MAFFT for Mac/Linux/Windows

Download the executable file for your operating system from the MAFFT website and install using the prompts.
RAxML for Mac/Linux
1. Download the source files from GitHub here, e.g. download the files or clone the repository by running the following command from your home directory in a terminal (command line) window
```
git clone https://github.com/stamatak/standard-RAxML.git 
```
2. Navigate into the standard-RAxML directory using
```
cd standard-RAxML 
```
3. Make the files by running
```
make -f Makefile.PTHREADS.gcc
```
4. Remove all output files that were created by running
```
make 'rm *.o'
```
RAxML for Windows

There is a user interface available to download here. See Silvestro and Michalak (2012).
FastTree

Detailed install instructions for all operating systems can be found at http://www.microbesonline.org/fasttree/. See Price, Dehal, and Arkin (2010).
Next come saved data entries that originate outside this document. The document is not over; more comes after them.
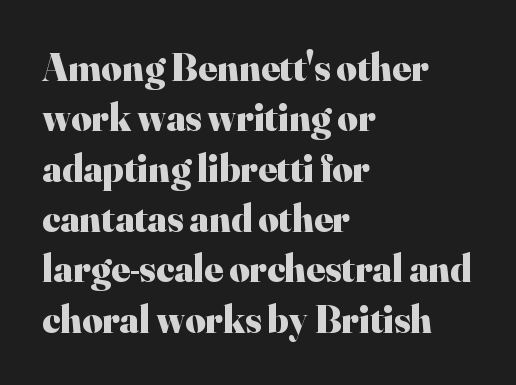
Small tapered or slab feet sit at the stroke ends, so this counts as serif. Check the space under the baseline: it is left empty. The letterforms sit shoulder to shoulder at normal distance. These lines sit exactly where default settings would place them. Leftover space on each line is placed entirely after the last word.
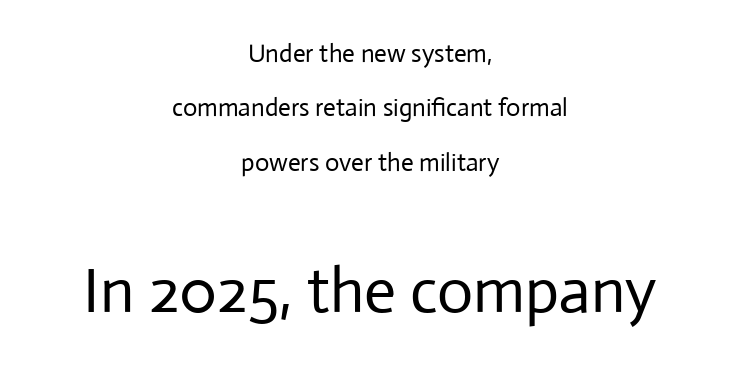
The image shows 63 px regular-weight sans-serif type, upright; set centered, loose line spacing (2.18x), normal letter spacing, not underlined; the second (bottom) block is 2.52x larger; low stroke contrast and a medium x-height.
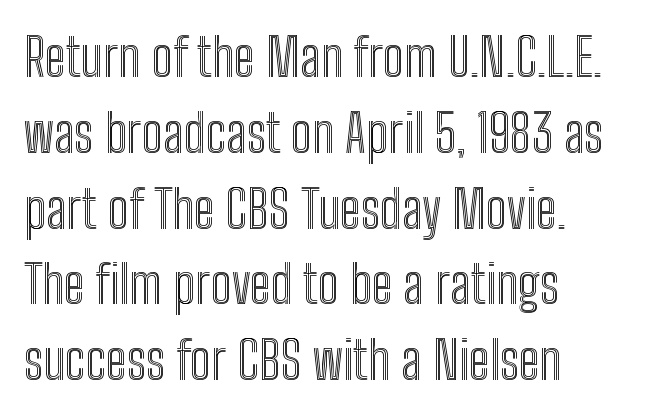
The image shows 53 px condensed type, upright; set left-aligned, normal line spacing (1.43x), normal letter spacing, not underlined; a medium x-height.
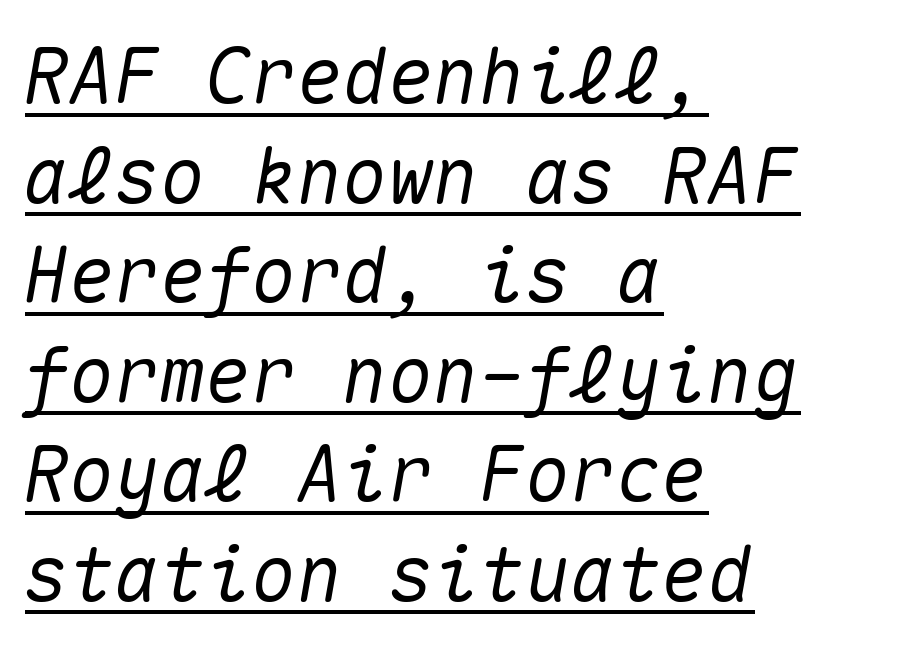
{"italic": "yes", "lean": "right", "slant_degrees": 10, "width": "normal", "stroke_contrast": "medium", "x_height": "medium", "monospaced": "yes", "underline": "yes", "align": "left", "line_spacing": "normal", "line_spacing_ratio": 1.31, "letter_spacing": "normal", "letter_spacing_em": 0.0, "glyph_px": 76}
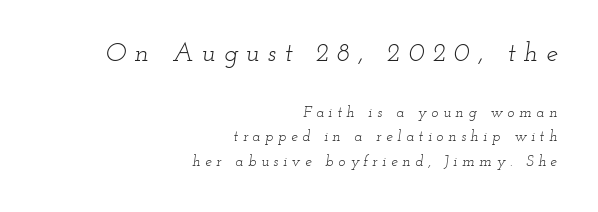
The tracking jumps out immediately: characters are airy and widely separated. The typesetting does not lean heavy: it is not bold. The block sitting higher on the canvas is the one with enlarged characters. Notice how descenders clear the ascenders below comfortably — that's standard leading. There's an unmistakable incline to the writing here. Words float on clear page, feet unadorned.
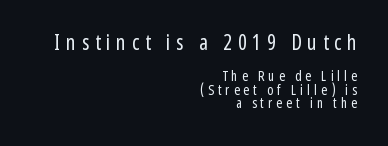
{"italic": "no", "bold": "no", "underline": "no", "align": "right", "line_spacing": "tight", "line_spacing_ratio": 0.97, "letter_spacing": "wide", "letter_spacing_em": 0.28, "larger_block": "first", "size_ratio": 1.5, "glyph_px": 21}
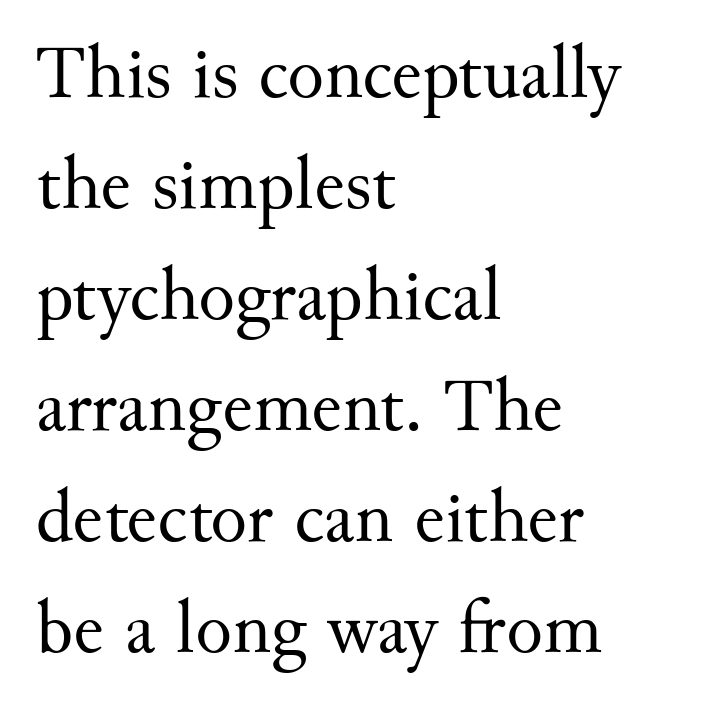
Q: Is the text bold? A: No.
Q: Is the text italic (slanted)? A: No, it is upright.
Q: Is the typeface a serif or a sans-serif typeface? A: Serif.
Q: Is the text underlined? A: No.
Q: How is the paragraph aligned? A: Left-aligned.
Q: Is the spacing between letters normal or unusually wide? A: Normal.
Q: Is the spacing between lines tight, normal or loose? A: Normal.
Q: Width (condensed, normal, or wide)? A: Normal.
Q: Stroke contrast? A: Medium.
Q: x-height? A: Small.
Q: Monospaced? A: No.
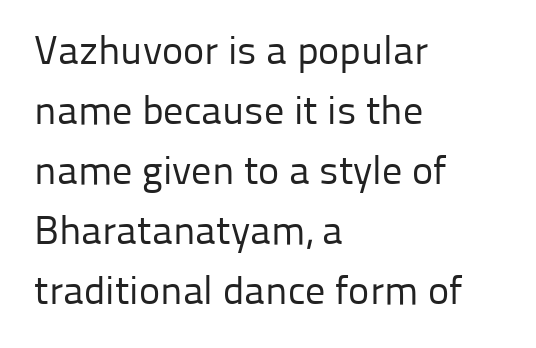
The image shows 40 px regular-weight sans-serif type, upright; set left-aligned, normal line spacing (1.5x), normal letter spacing, not underlined; low stroke contrast and a medium x-height.
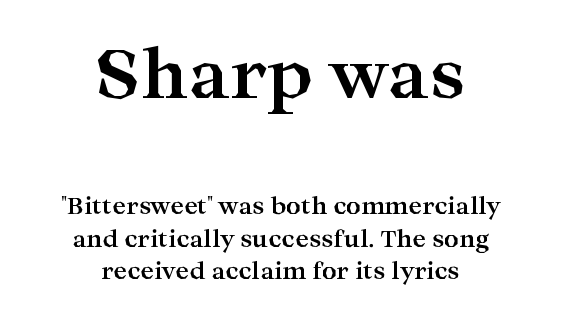
The image shows 68 px bold, wide serif type, upright; set centered, normal line spacing (1.41x), normal letter spacing, not underlined; the first (top) block is 2.96x larger; high stroke contrast and a medium x-height.
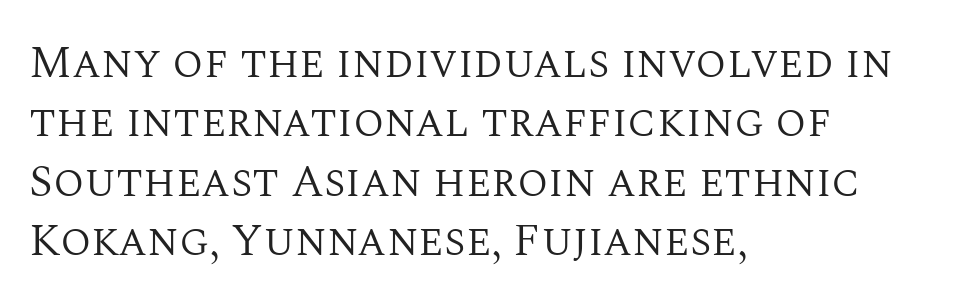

Curate an alignment and infer a tree

Download the extant sequence library

The sequences we will be reconstructing are from the cytochrome P450 2U1 (CYP2U1) subfamily and the cytochrome P450 2R1 (CYP2R1) subfamily. Cytochromes P450 are key drug metabolisers and we wish to infer a CYP2U1 ancestor. We will be using four CYP2R1 sequences as an outgroup and these four sequences will be labelled as 25hydroxylase or 25hydroxylase-like in the data set. The data set can be found here.

The data set was compiled from searching NCBI for homologs to representative CYP2U1s. For the purpose of illustration, we are not using the full set.

1. Align the extant sequences

Align the sequences together using the default MAFFT settings. In effect, this step identifies the positions at which sequences are (putatively) homologous.
In the console of your terminal window, type the following command in the same directory where you placed the downloaded tutorial .fasta file:

mafft GRASPTutorial.fasta > GRASPTutorial.aln

This will perform the multiple sequence alignment and save it to "GRASPTutorial.aln" in the same directory. By default, MAFFT uses the FASTA format, with an additional "gap" character.

2. Infer a tree using RAxML

We will be using RAxML to infer by maximum likelihood a phylogenetic tree.

If you are using the user interface, use 'GRASPTutorial.aln' as the input alignment and follow the prompts in the interface. Save the resulting tree, and move to Step 3.

If you are using the command line version (recommended), type the following command in terminal from within the directory where you installed RAxML.
Note: you will need to copy the input file (GRASPTutorial.aln) into the RAxML directory.

./raxmlHPC-PTHREADS -m PROTGAMMAJTT -p 23456 -n GRASPTutorial.nwk -s GRASPTutorial.aln

-m PROTGAMMAJTT

PROTGAMMAJTT specifies to optimise substitution rates, use a GAMMA model of rate heterogeneity, and use the JTT amino acid substitution matrix.

-p 23456

Random number seed for inference.

-n GRASPTutorial.nwk

Name of the output file.

-s GRASPTutorial.aln

Name of the input alignment file.

When finished (approximately 1 minute, depending on your machine) you will see some summary information output to the console. This will also tell you where the output file has been saved.

Or 2. Infer a tree using FastTree

We will be using FastTree to infer by maximum likelihood a phylogenetic tree.

Type the following command in terminal

FastTree GraspTutorial.aln > GraspTutorial.nwk

This will compute a phylogenetic tree based on GraspTutorial.aln and save it as a Newick file in GraspTutorial.nwk

3. Inspect the alignment and phylogenetic tree

Use an alignment viewer (such as Aliview or Jalview) and a tree viewer (such as Figtree), to inspect the resulting alignment and inferred tree (e.g. .../RAxML_result.GRASPTutorial.nwk).

Do any sequences look out of place in the alignment and the tree? Note the sequence/s down.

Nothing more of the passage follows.